### What to do
Nothing but the lines holding the string "Higher" should appear in the answer. Copy them from the entries.

◇ ◇ ◇ ◇ ◇ ◇ ◇

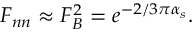
F _ { n n } \approx F _ { B } ^ { 2 } = e ^ { - 2 / 3 \pi \alpha _ { s } } .
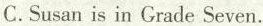
C.Susan is in Grade Seven.
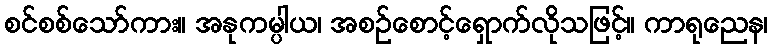
စင်စစ်သော်ကား။ အနုကမ္ပါယ၊ အစဉ်စောင့်ရှောက်လိုသဖြင့်။ ကာရုညေန၊
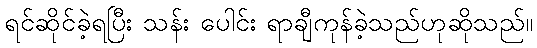
ရင်ဆိုင်ခဲ့ရပြီး သန်း ပေါင်း ရာချီကုန်ခဲ့သည်ဟုဆိုသည်။
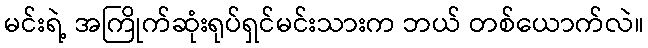
မင်းရဲ့ အကြိုက်ဆုံးရုပ်ရှင်မင်းသားက ဘယ် တစ်ယောက်လဲ။
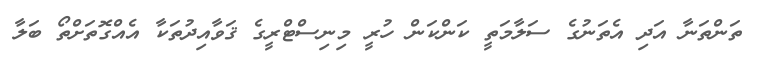
ތަންތަނާ އަދި އެތަނުގެ ސަލާމަތީ ކަންކަން ހުރީ މިނިސްޓްރީގެ ޤަވާއިދުތަކާ އެއްގޮތަށްތޯ ބަލާ
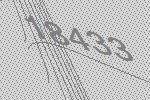
18433
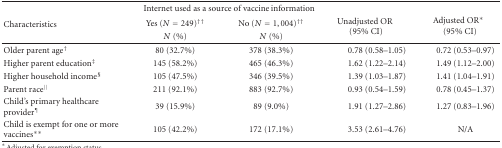
| <ROWSPAN=3> Characteristics | <COLSPAN=2> Internet used as a source of vaccine information | <ROWSPAN=3> Unadjusted OR (95% CI) | <ROWSPAN=3> Adjusted OR* (95% CI) |
 | Yes (N = 249)†† | No (N = 1,004)†† |
 | N (%) | N (%) |
 | --- | --- | --- | --- | --- |
 | Older parent age† | 80 (32.7%) | 378 (38.3%) | 0.78 (0.58–1.05) | 0.72 (0.53–0.97) |
 | Higher parent education‡ | 145 (58.2%) | 465 (46.3%) | 1.62 (1.22–2.14) | 1.49 (1.12–2.00) |
 | Higher household income§ | 105 (47.5%) | 346 (39.5%) | 1.39 (1.03–1.87) | 1.41 (1.04–1.91) |
 | Parent race∣∣ | 211 (92.1%) | 883 (92.7%) | 0.93 (0.54–1.59) | 0.78 (0.45–1.37) |
 | Child's primary healthcare provider¶ | 39 (15.9%) | 89 (9.0%) | 1.91 (1.27–2.86) | 1.27 (0.83–1.96) |
 | Child is exempt for one or more vaccines** | 105 (42.2%) | 172 (17.1%) | 3.53 (2.61–4.76) | N/A |
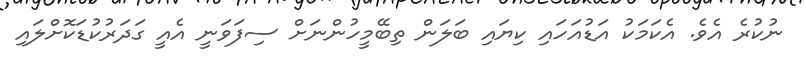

◇ ◇ ◇ ◇ ◇ ◇ ◇

### Solution
 | Higher parent education‡ | 145 (58.2%) | 465 (46.3%) | 1.62 (1.22–2.14) | 1.49 (1.12–2.00) |
 | Higher household income§ | 105 (47.5%) | 346 (39.5%) | 1.39 (1.03–1.87) | 1.41 (1.04–1.91) |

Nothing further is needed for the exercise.